Multi-Factor Authentication - Okta Verify
Last modified on June 21, 2024
This feature is currently in closed-access beta. Functionality and documentation may change. Contact StrongDM for more information.
Okta Verify is available as a multi-factor authentication (MFA) option for your StrongDM users. This guide describes how to set up and configure MFA using Okta Verify.
Prerequisites
- StrongDM Administrator account
- Administrator access to your organization’s Okta Admin Console
- Okta Verify installed on a device that you can access and enrolled with your Okta organization
- Your Okta organization should be updated to use Okta Identity Engine. All new Okta accounts since March 1, 2022 use Identity Engine by default.
Set Up Okta Verify
The first part of the setup process takes place in the Okta Admin Console. Log in as an administrator of your Okta organization and perform the following steps.
- Go to Security > API > Tokens.
- Click the Create token button, and then copy the resulting token.
- Enable your users’ location context to be used in MFA prompts. The location of a user is based on the public-facing IP address of their client’s authenticated connection to the StrongDM control plane. In order for your organization’s MFA prompts to have the correct location, add the following StrongDM IP addresses to Okta in the Add IP Zone > Trusted proxy IPs section:
52.14.64.15044.240.242.220
Okta Verify setup is now complete. Keep this browser window open in case you need to copy the key when setting up StrongDM in the next section.
Set Up StrongDM
The setup continues in the StrongDM Admin UI.
Go to Settings, then Security, and scroll down to Multi-factor Authentication.
Click to unlock the fields and allow changes. Then select Okta from the dropdown menu.
Paste the token value that you copied from the Okta Admin Console into the Token field.
Fill your organization’s Okta URL into the Organization URL field. This should be in the format
https://<ORGANIZATION_NAME>.okta.com/.Click Test to test the MFA settings. This requires the email address of your currently logged-in user to be registered as a user in Okta. You can run a test and reject the login using the Okta Verify app, and run it again and approve it this time, if you want to test both outcomes.
Once you are satisfied with your settings, click Save to enable Okta Verify MFA. This displays a warning message that users cannot log in without MFA enrollment going forward.
Ensure that Test MFA works correctly before activating MFA or your admin account may become locked out!
Log in With Okta Verify Enabled
The login process once Okta Verify is enabled includes only one change. After entering the username and password, the login page contains a “Waiting for MFA…” message, which displays until the Okta Verify challenge is accepted on the user’s device. The process of logging in to the desktop app or the CLI with Okta Verify enabled is similarly altered.
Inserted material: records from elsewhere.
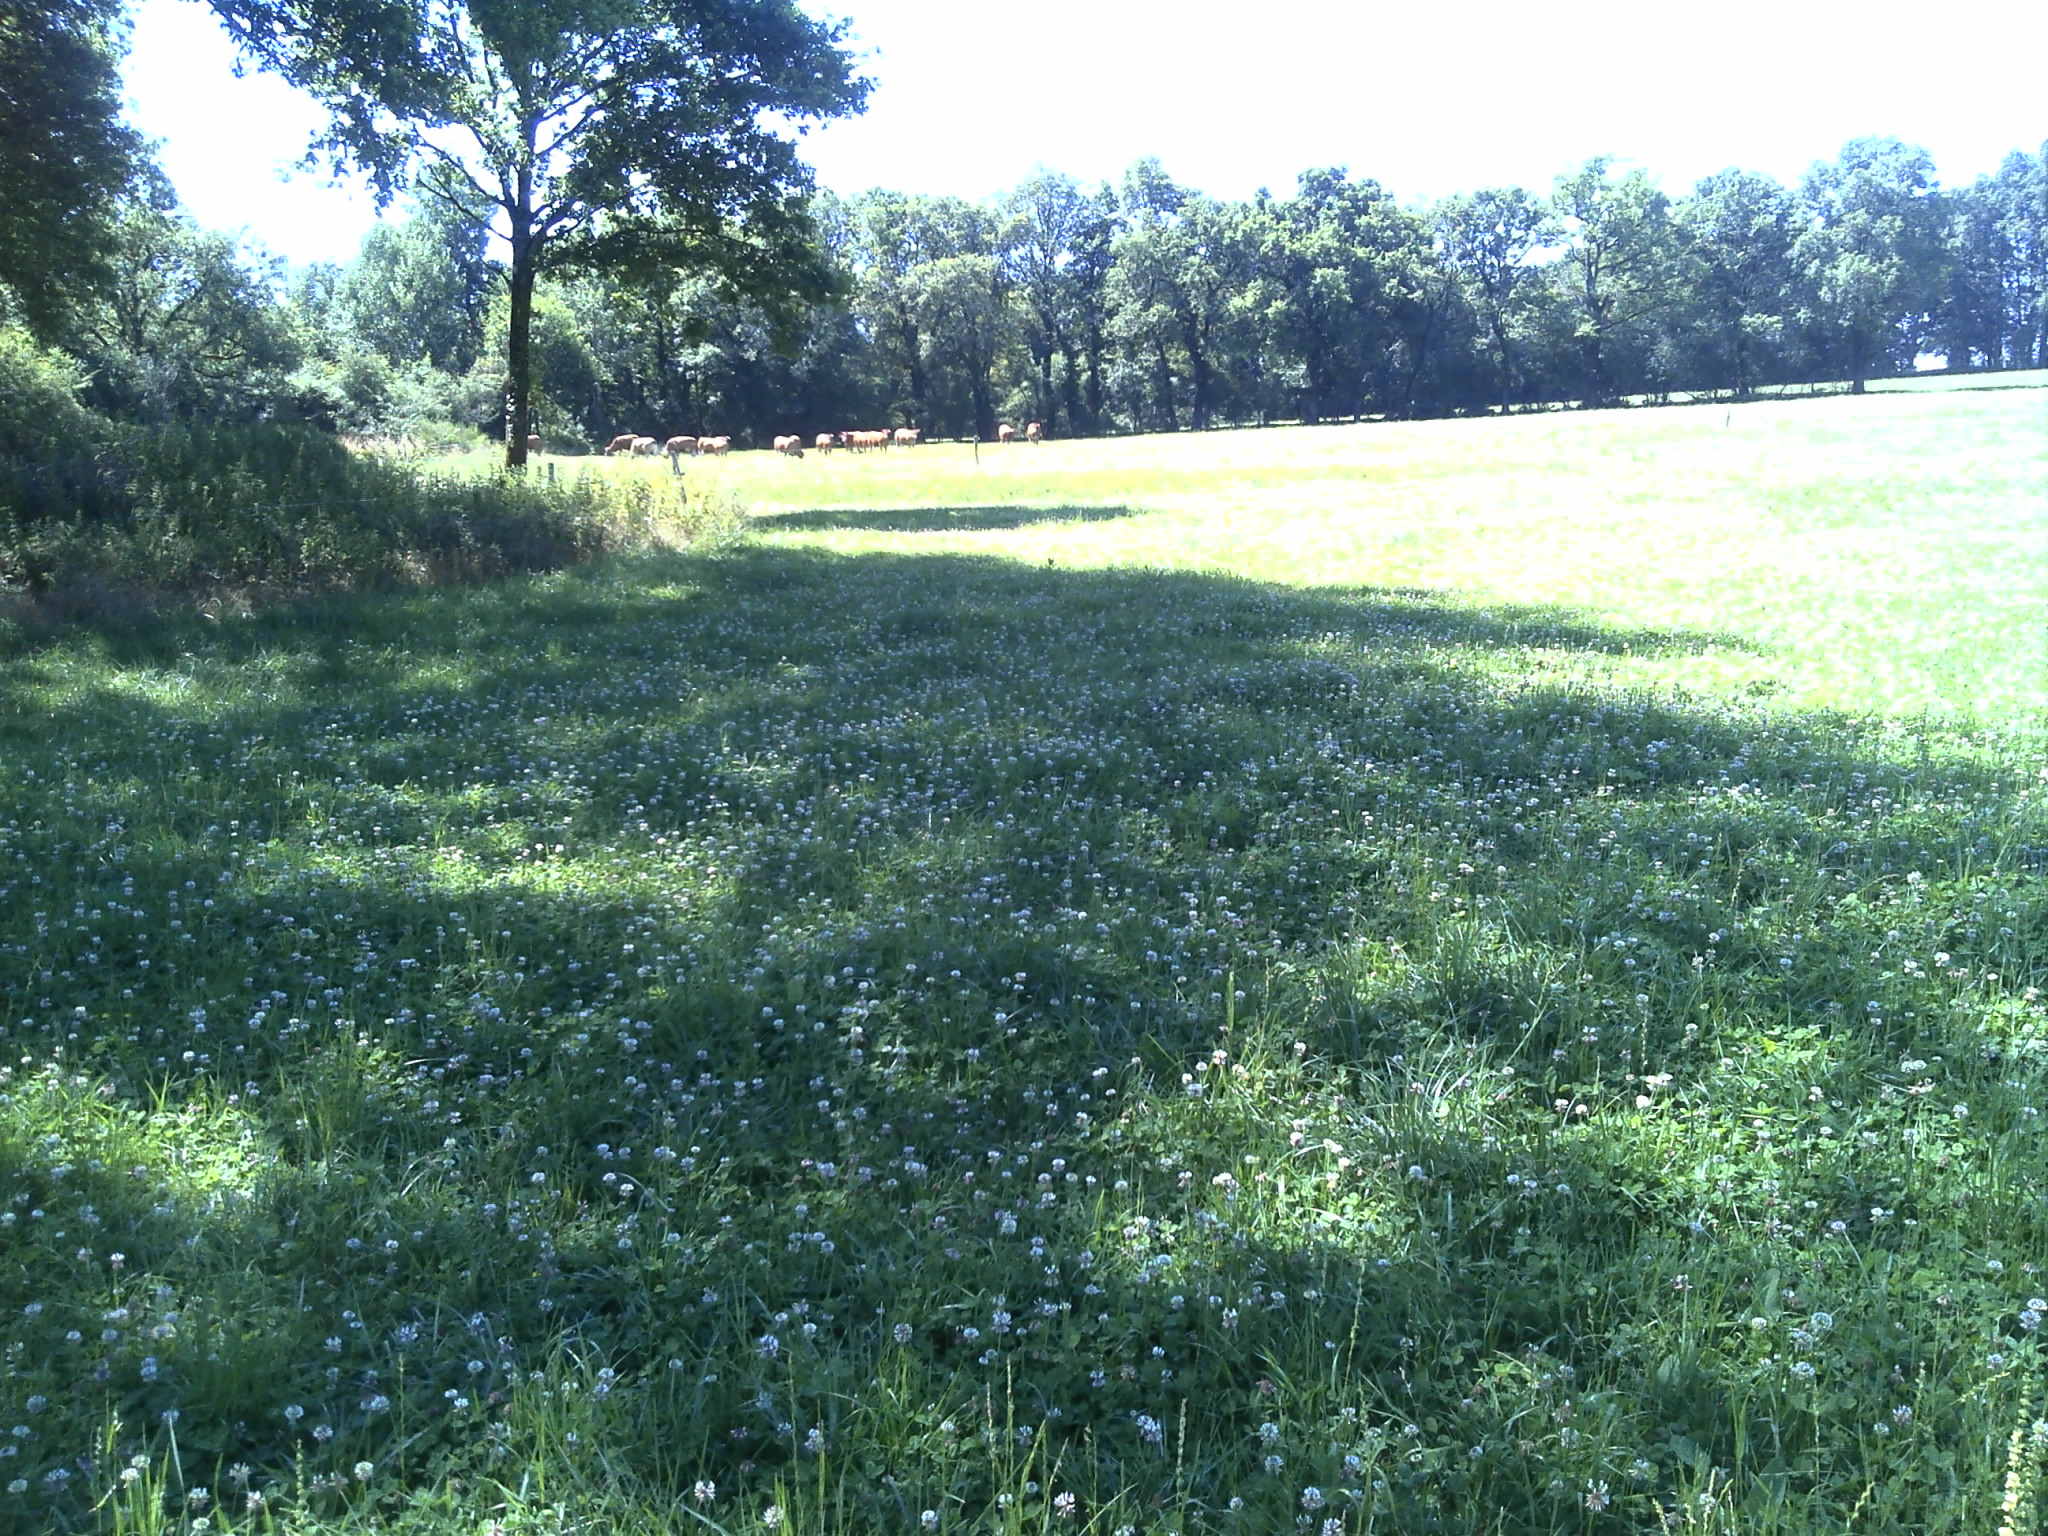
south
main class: Cropland
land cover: Clovers
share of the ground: > 75 %
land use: Agriculture (excluding fallow land and kitchen gardens)
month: June
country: FR
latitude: 46.6532
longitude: 1.1404
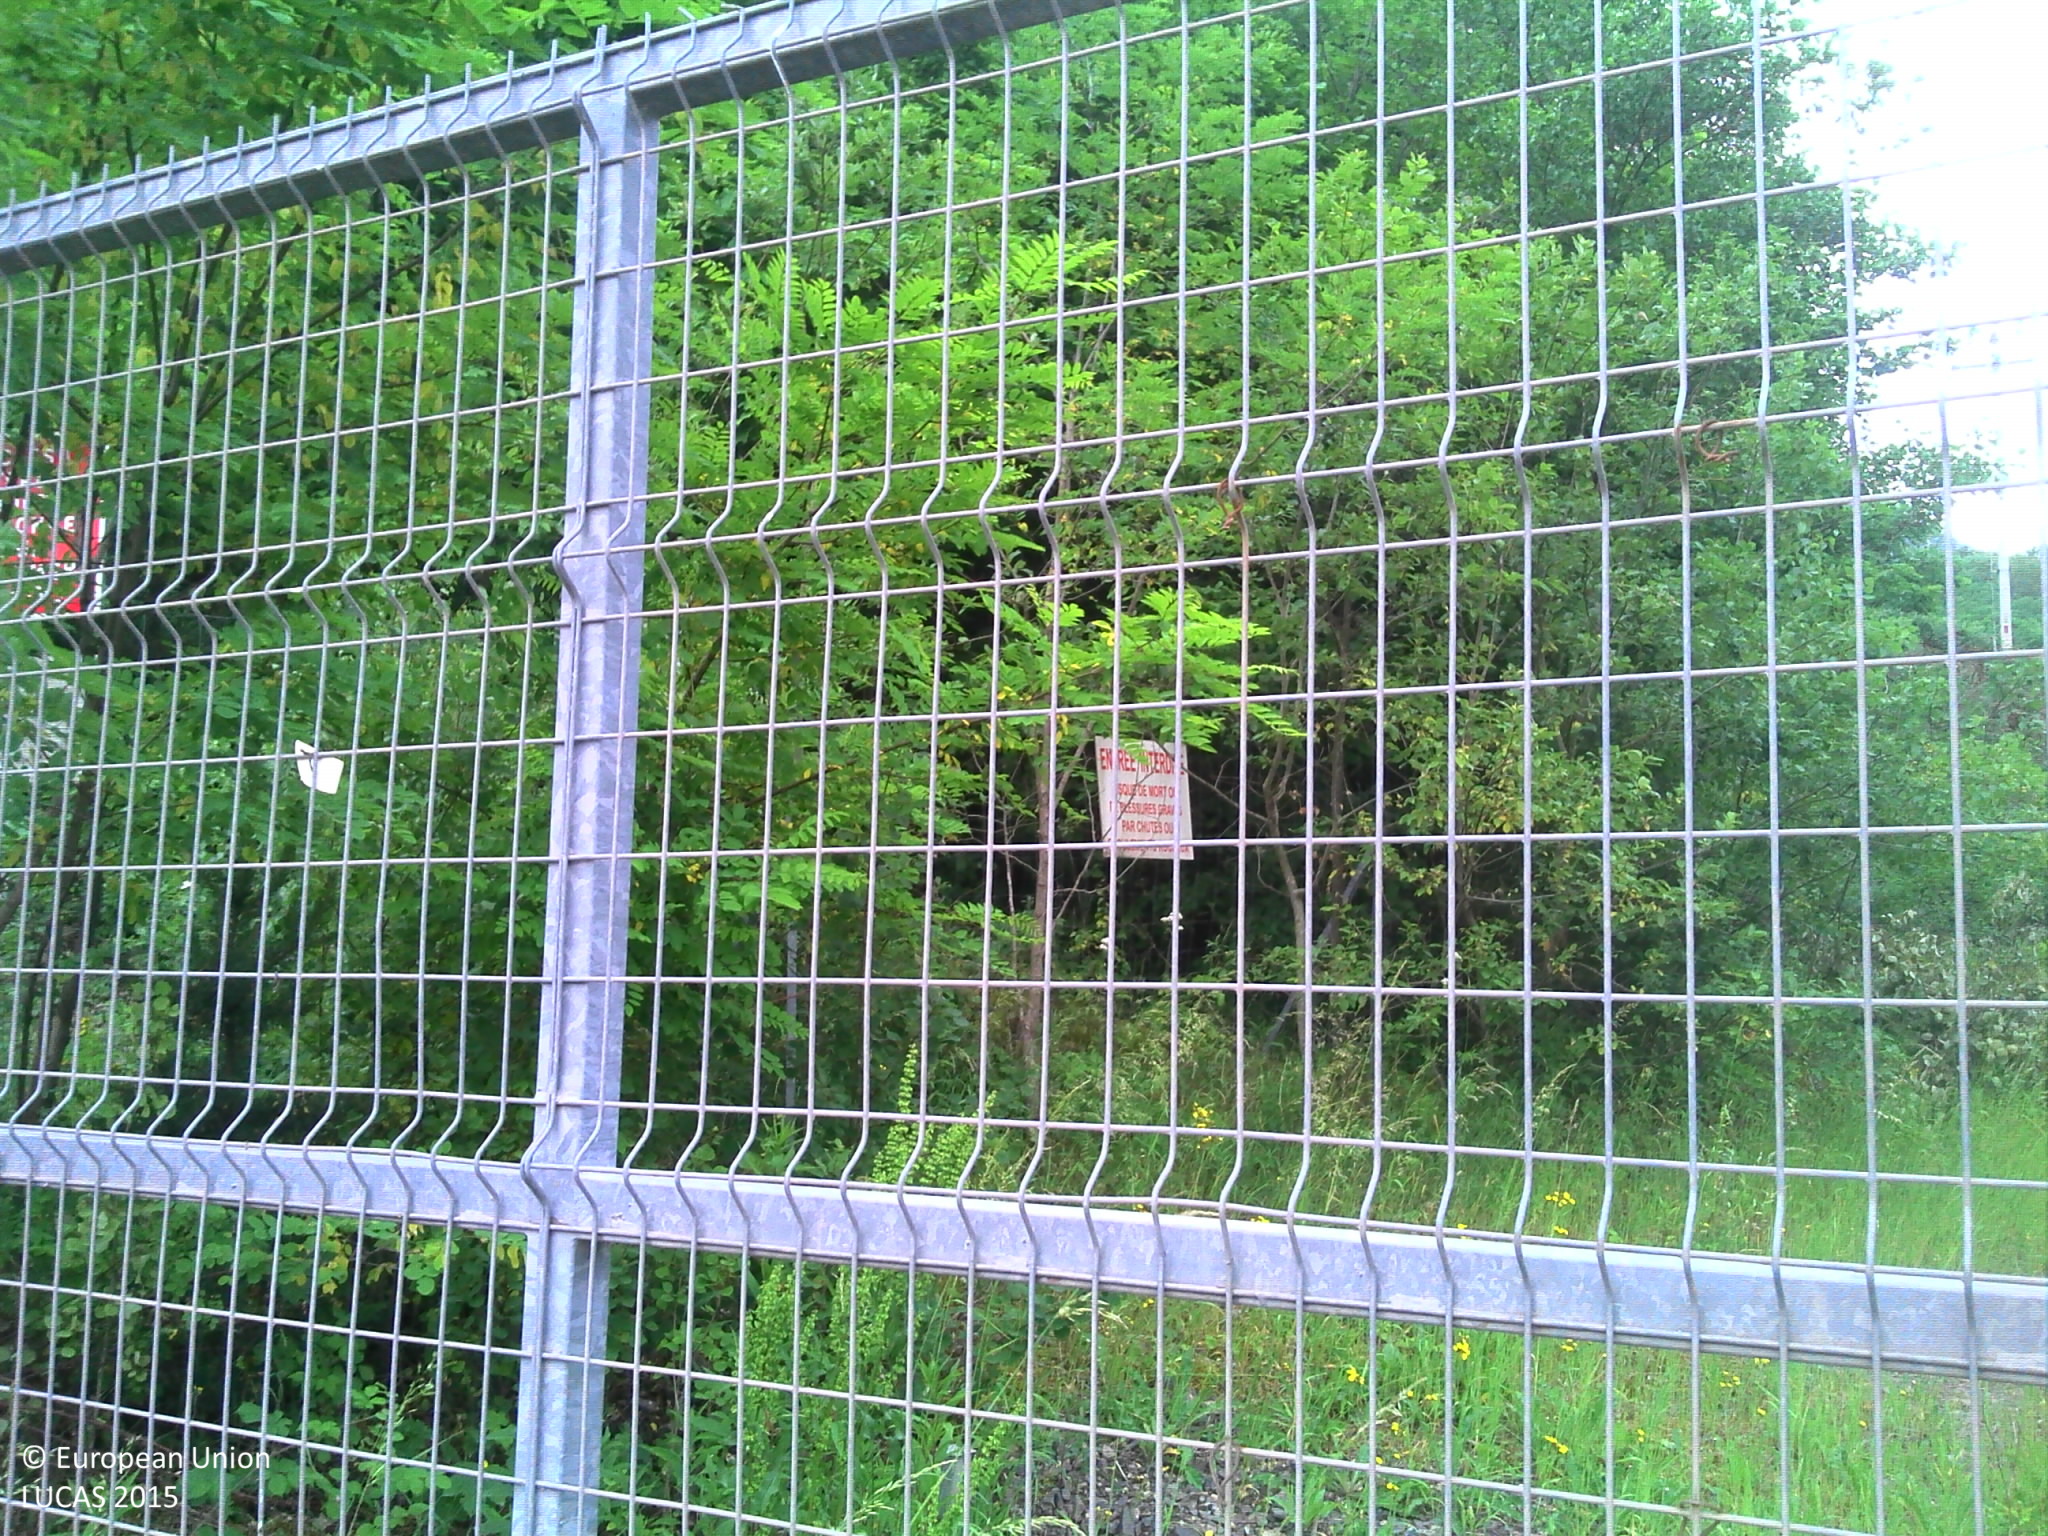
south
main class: Woodland
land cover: Broadleaved woodland
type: mesophytic deciduous forest
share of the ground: > 75 %
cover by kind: broadleaved forest trees 95 %, herbaceous plants 5 %
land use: Forestry
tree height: > 5 m
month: June
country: FR
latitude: 48.4454
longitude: 7.4187

Troubleshoot MFA With Okta Verify
You may run into issues authenticating your StrongDM account with Okta Verify MFA enabled. The following topics can help you troubleshoot any errors you receive while logging in.
MFA alongside SSO
When you set up an SSO provider to authenticate with StrongDM and also enable MFA in the Admin UI, MFA prompts during logins do not occur. In this scenario, your configured MFA only plays a role to re-authenticate users when the desktop app locks due to inactivity, not during normal login attempts.
If using SSO, we recommend setting up MFA through your SSO provider to also trigger MFA prompts during user logins.
New device setup or reset
If you get a new mobile device or have to reset your existing device, you may be unable to log in to your applications using Okta Verify on the new device. If this situation occurs, please contact your organization’s Okta administrator to provision your device.